Webb mengisahkan pengalaman menakjubkan pembuatan film itu dalam episode kelima podcast BBC Earth.

Jejak langkah dan tanda-tanda aktivitas harimau akan memaparkan kepada Anda yang terjadi dalam pemburuan malam sebelumnya.

Namun jika harimau itu menghilang ke semak belukar yang lebat, satu-satunya cara melacak keberadaannya adalah berdiri dan mendengar teriakannya.

Bukan suara dari harimau itu, melainkan dari calon mangsa yang tengah memperingatkan kawan-kawannya tentang lokasi sang predator.

Dengan cara itu, Webb dan anggota timnya dapat melacak seruan calon mangsa dan tentu saja jejak langkah harimau dalam hutan.

Para pemandu tim yang merupakan warga lokal pun dapat memprediksi jalur sang harimau dan lokasi kemunculannya.

Hak atas foto
Theo Webb/NHU

Tim produksi yang dipimpin Webb menemukan salah satu indikator suara yang paling berguna berasal dari kera ekor panjang.
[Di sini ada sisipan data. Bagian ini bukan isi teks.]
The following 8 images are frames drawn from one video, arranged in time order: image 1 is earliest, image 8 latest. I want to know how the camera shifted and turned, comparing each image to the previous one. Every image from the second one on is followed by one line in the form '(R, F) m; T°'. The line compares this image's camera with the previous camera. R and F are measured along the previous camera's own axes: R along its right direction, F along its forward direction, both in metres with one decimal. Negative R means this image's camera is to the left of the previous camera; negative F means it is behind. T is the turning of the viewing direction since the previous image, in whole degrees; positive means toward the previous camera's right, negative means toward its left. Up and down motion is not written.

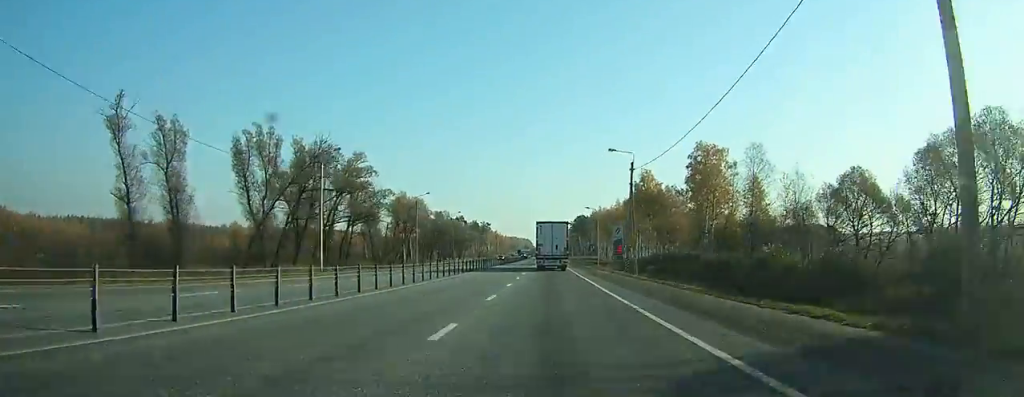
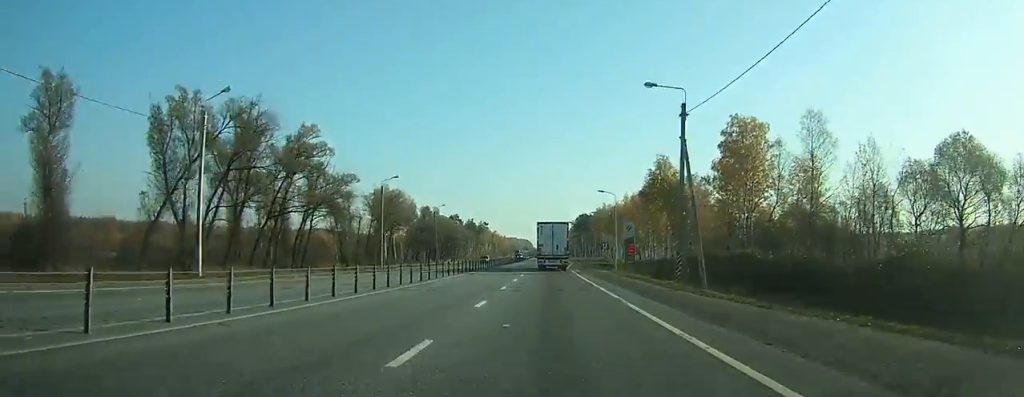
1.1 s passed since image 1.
(+0.1, +17.8) m; 0°
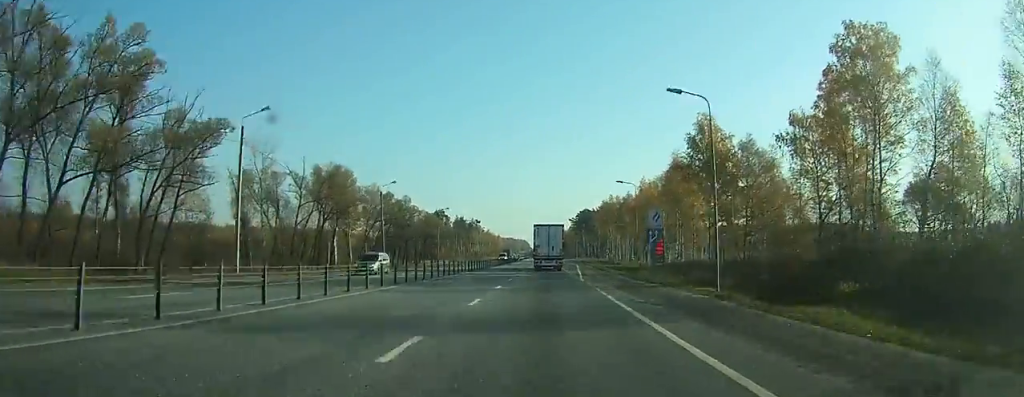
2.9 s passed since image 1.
(-0.2, +31.9) m; 0°
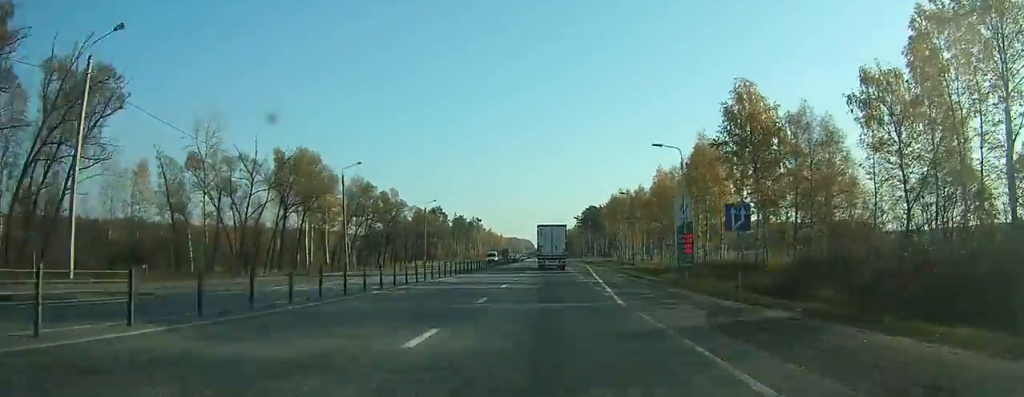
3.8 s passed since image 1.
(0.0, +14.5) m; 0°
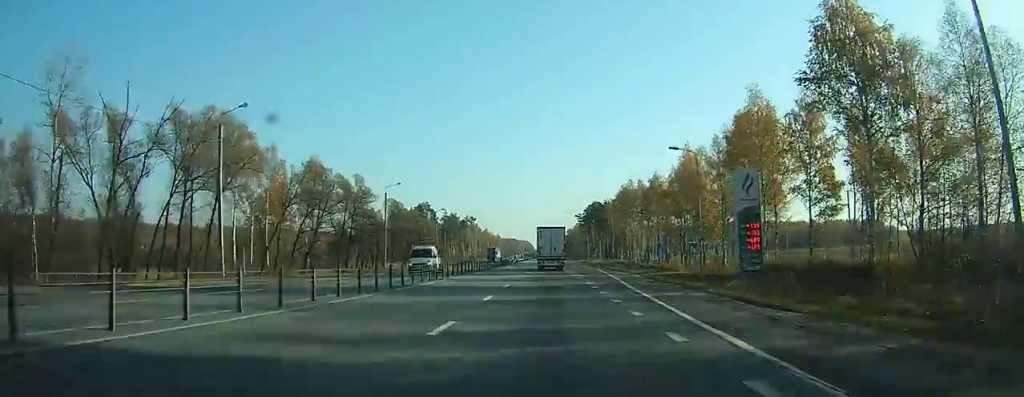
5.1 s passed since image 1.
(+0.1, +21.5) m; 0°
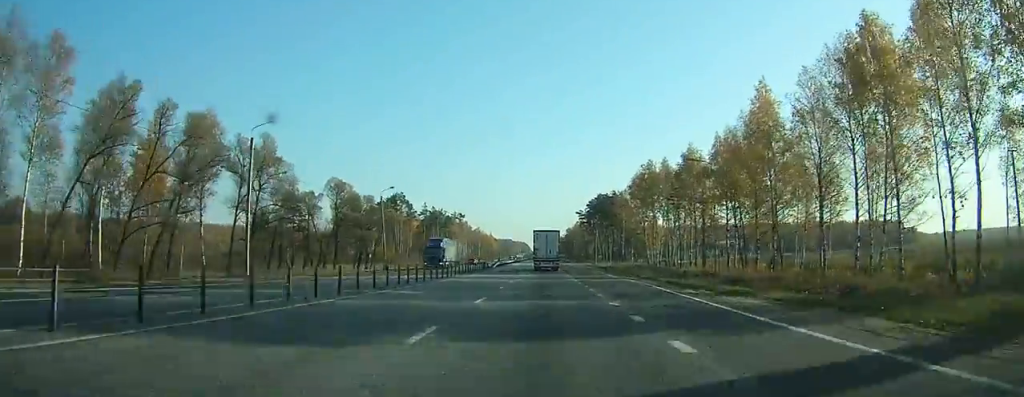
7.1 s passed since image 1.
(0.0, +31.5) m; 0°
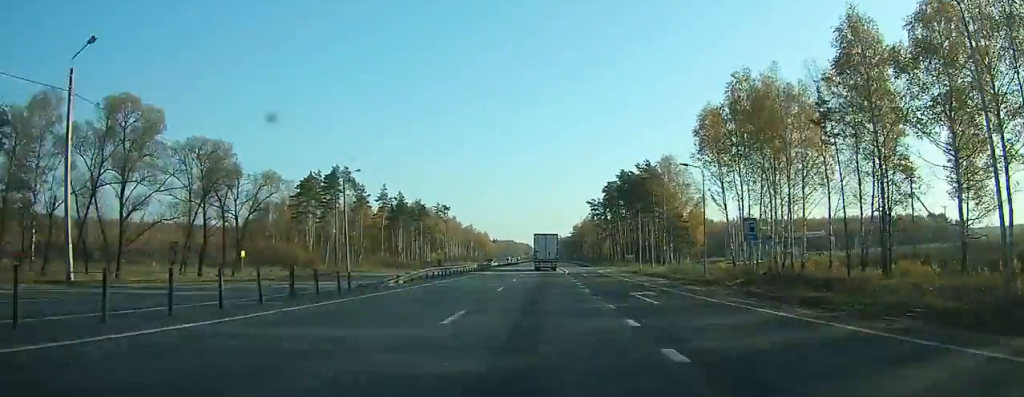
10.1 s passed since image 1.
(-0.3, +52.2) m; 0°
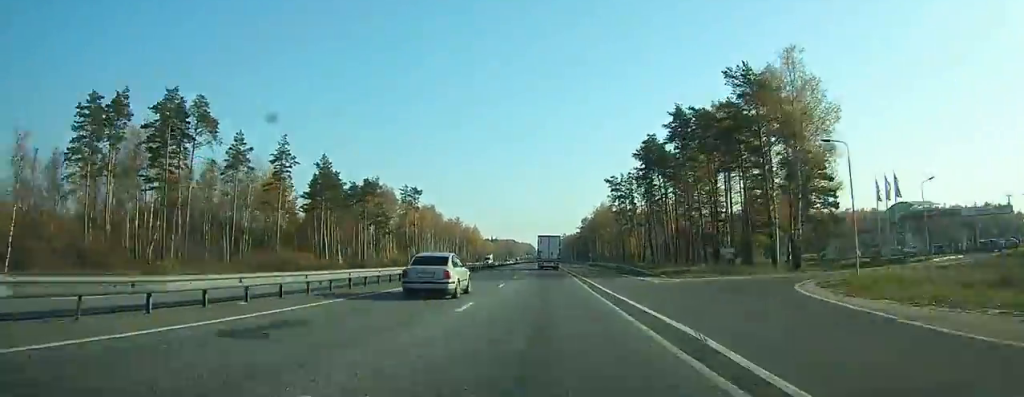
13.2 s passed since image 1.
(+0.1, +59.6) m; 0°

Binatang ini secara menakjubkan membuat dua suara berbeda untuk menunjukkan tanda bahaya dari macan tutul dan harimau.

Rusa bintik, mangsa favorit harimau, merespons alarm dari kera ekor panjang dengan cara menyalak terus-menerus.

Adapun tanda lainnya yang dapat didengarkan ketika melacak keberadaan harimau adalah suara rusa sambar. Binatang ini mengeluarkan jeritan parau saat menyadari kehadiran harimau di sekitarnya.

Suara riuh rendah yang muncul seketika dari sejumlah binatang di hutan menandakan bahwa sang harimau tengah berburu mangsa.

Hak atas foto
Theo Webb/NHU

Webb juga terkejut mendengar harimau yang ternyata berisik. Harimau saling memanggil, menggeram saat berkembang biak dan mengaum setelahnya.

Manusia selalu ingin berkomunikasi dengan binatang dan cakupan suara yang luas memudahkan makhluk hidup untuk berhubungan dengan makhluk lain juga.

Mempelajari vokal baru, untuk seekor burung beo misalnya, memungkinkan mereka mengubah suara untuk melebur ke kawanan baru. Di sisi lain, ini juga menunjukkan kekuatan pikiran seekor binatang dalam ritual berkembang biak.

Paus beluga dan lumba-lumba mempelajari ratusan vokal baru selama hidup mereka. Sementara itu, orangutan dan gajah pernah terekam mengimitasi cara bicara manusia.

Hak atas foto
Getty Images

Image caption

Setiap spesies memiliki cara berbeda untuk mengabarkan keberadaan mangsa.

Tidak semua binatang dapat melakukan hal ini. Ada sejumlah untai tertentu di dalam otak yang mengontrol otot saat binatang mengeluarkan suara. Hanya beberapa binatang yang memiliki kemampuan ini.

Lebih dari 50 gen milik manusia, burung beo, burung penyanyi, dan kolibri menunjukkan pola aktivitas yang sama saat tengah mempelajari vokal baru. Artinya, manusia dan burung penyanyi menggunakan gen yang sama saat bersenandung.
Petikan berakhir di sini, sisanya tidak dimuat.